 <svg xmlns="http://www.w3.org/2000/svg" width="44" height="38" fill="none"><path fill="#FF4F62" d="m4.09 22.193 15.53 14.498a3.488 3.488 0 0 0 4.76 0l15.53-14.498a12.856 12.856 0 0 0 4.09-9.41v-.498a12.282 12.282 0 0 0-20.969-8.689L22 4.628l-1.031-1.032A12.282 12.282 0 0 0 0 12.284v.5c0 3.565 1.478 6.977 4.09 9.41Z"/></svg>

==

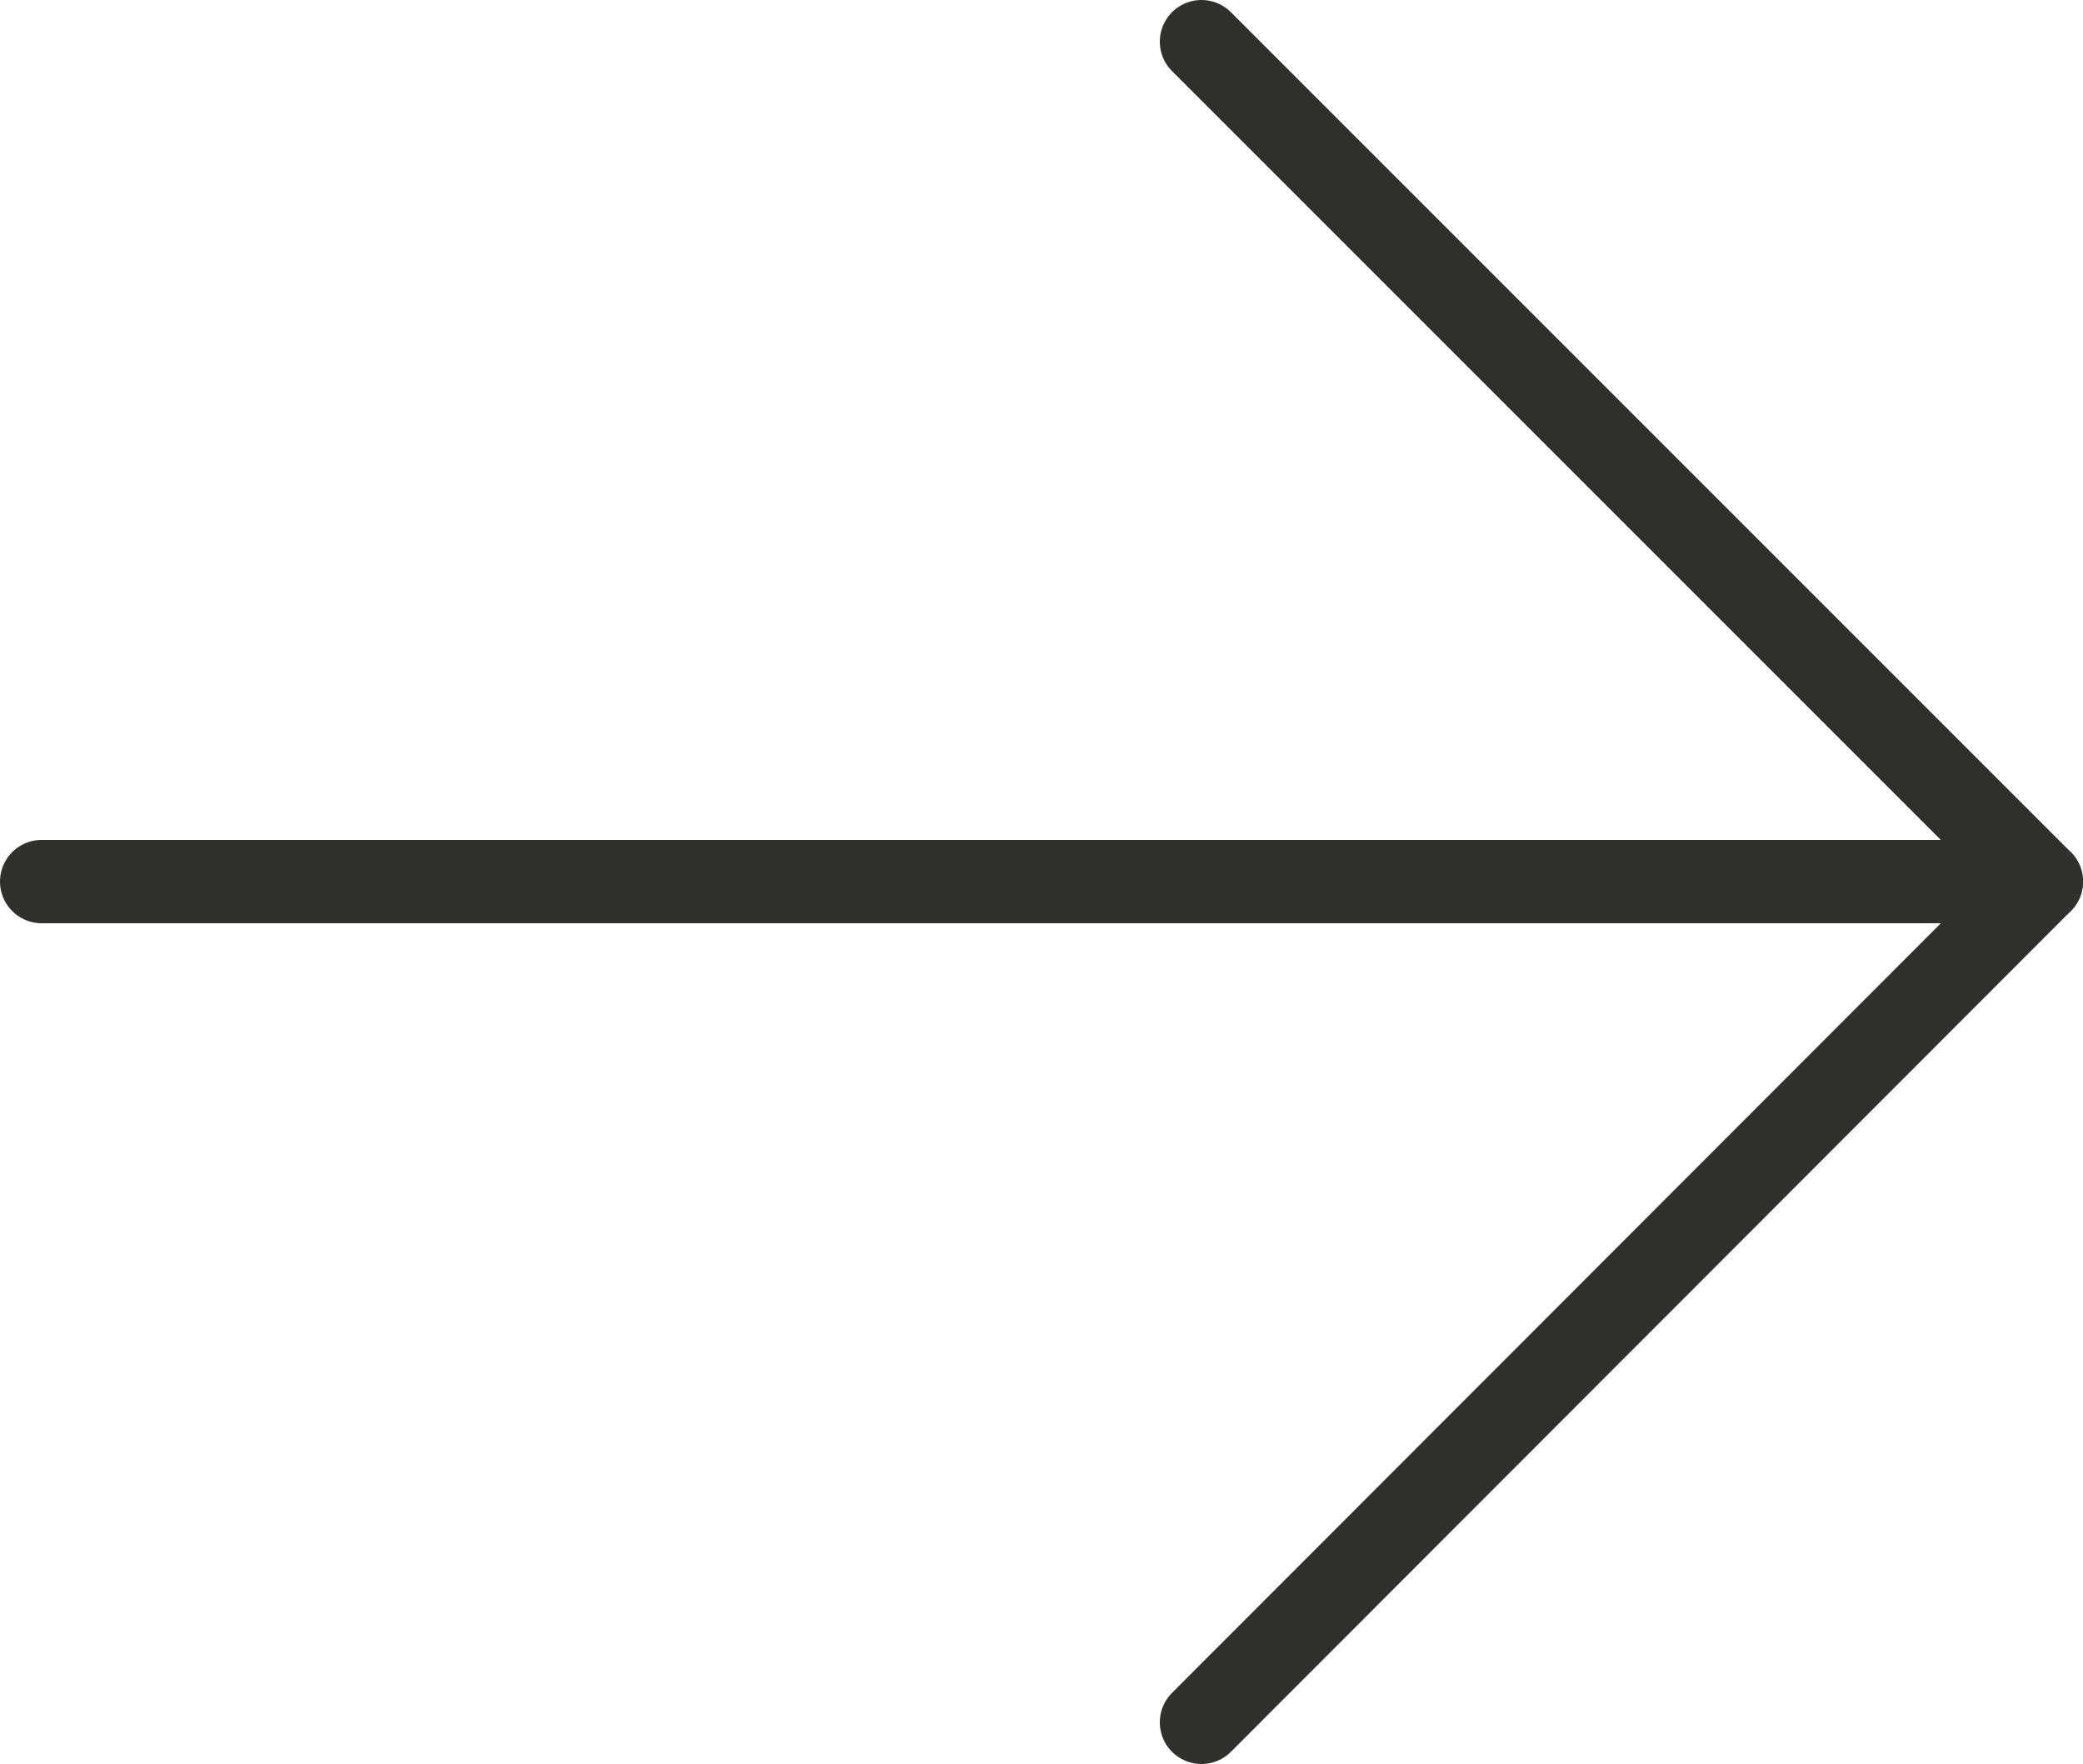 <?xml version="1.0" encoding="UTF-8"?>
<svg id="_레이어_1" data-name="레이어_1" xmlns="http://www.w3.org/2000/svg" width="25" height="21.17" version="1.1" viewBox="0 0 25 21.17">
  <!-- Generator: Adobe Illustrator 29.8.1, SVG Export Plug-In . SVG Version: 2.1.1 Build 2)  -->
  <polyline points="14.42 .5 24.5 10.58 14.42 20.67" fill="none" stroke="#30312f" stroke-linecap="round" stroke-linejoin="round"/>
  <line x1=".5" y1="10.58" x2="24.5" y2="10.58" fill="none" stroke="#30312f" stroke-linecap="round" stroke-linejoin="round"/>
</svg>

---

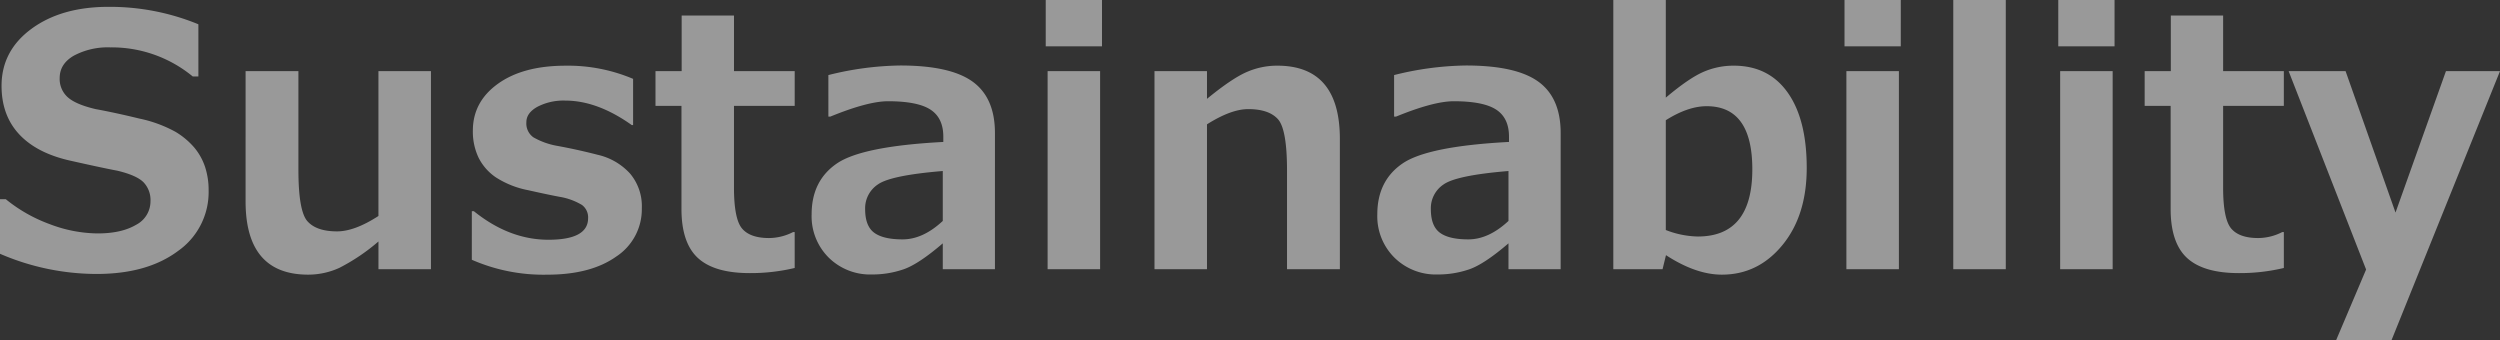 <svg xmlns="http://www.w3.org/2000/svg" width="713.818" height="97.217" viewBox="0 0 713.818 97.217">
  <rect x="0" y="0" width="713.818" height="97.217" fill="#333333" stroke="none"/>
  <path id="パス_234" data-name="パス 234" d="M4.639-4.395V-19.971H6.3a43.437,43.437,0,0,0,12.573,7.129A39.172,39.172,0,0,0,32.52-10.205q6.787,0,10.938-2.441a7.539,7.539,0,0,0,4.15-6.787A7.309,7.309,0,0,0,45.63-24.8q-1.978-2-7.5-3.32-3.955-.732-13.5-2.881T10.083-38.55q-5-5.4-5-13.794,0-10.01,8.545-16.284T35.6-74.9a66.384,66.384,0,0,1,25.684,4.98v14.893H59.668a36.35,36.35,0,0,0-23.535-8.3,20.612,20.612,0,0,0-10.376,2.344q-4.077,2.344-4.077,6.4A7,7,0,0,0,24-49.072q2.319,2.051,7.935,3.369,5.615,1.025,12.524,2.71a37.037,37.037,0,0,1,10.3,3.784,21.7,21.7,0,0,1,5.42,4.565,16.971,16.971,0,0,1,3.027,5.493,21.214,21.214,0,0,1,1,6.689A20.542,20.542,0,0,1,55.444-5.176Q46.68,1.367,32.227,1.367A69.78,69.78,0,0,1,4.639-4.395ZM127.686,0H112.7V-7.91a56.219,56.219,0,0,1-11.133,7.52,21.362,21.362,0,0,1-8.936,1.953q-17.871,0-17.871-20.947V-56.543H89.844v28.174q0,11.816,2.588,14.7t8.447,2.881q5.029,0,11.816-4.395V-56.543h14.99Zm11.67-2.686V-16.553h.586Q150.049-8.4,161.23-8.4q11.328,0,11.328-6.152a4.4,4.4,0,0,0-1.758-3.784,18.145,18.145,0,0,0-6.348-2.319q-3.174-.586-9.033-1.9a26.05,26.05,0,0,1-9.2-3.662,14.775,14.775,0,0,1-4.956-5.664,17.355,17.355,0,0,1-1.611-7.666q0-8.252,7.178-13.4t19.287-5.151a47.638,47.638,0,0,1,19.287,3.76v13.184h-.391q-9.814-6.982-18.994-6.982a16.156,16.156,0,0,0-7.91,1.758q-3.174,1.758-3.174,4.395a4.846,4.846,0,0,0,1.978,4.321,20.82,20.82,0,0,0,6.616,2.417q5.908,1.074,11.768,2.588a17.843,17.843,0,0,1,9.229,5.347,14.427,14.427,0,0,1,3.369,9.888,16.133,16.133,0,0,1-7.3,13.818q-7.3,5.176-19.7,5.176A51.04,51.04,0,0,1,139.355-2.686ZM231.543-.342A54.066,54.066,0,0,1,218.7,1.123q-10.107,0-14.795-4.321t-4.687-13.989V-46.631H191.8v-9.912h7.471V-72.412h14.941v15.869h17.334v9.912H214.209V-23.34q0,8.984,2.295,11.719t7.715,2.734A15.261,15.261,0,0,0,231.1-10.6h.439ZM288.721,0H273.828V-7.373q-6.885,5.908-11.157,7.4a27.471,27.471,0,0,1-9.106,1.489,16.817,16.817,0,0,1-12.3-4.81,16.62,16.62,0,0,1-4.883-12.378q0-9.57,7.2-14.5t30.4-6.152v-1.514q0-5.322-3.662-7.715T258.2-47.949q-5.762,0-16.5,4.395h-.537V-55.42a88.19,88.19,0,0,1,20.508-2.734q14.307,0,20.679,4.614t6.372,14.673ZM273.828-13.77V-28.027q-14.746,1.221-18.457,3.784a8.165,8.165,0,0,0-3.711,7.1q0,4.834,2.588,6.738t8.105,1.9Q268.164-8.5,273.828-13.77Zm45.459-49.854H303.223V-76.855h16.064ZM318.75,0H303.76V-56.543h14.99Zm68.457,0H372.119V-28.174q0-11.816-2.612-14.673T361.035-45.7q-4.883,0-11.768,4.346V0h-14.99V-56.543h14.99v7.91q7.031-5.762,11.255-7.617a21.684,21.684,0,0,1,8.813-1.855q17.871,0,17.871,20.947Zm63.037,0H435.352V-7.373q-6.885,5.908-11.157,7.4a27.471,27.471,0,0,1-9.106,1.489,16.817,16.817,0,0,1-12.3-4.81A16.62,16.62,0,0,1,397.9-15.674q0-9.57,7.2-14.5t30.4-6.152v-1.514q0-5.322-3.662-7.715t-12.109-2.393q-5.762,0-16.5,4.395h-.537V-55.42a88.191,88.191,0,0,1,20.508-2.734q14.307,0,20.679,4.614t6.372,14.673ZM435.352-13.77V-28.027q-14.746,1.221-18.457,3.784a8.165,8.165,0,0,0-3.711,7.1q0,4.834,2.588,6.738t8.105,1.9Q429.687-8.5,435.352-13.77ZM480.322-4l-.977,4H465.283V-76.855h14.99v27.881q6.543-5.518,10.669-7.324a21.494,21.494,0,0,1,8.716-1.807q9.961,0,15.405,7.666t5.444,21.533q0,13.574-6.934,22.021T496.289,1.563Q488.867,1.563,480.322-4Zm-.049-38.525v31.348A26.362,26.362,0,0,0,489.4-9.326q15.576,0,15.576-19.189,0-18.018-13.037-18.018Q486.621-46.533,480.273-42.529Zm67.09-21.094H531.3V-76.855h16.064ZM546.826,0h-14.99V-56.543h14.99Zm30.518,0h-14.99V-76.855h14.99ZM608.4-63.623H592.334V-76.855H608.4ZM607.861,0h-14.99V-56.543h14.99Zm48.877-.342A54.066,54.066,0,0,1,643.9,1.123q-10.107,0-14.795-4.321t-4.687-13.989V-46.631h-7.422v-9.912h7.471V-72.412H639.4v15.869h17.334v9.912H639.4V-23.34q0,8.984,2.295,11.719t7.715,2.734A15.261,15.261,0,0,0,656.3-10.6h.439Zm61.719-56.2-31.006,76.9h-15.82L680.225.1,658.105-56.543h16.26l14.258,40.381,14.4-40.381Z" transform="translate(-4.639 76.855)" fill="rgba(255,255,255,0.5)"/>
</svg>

▸ What needs to be done
Check each line above for the word "linecap" and give the number of lines that have it, nothing else.

▸ Result
2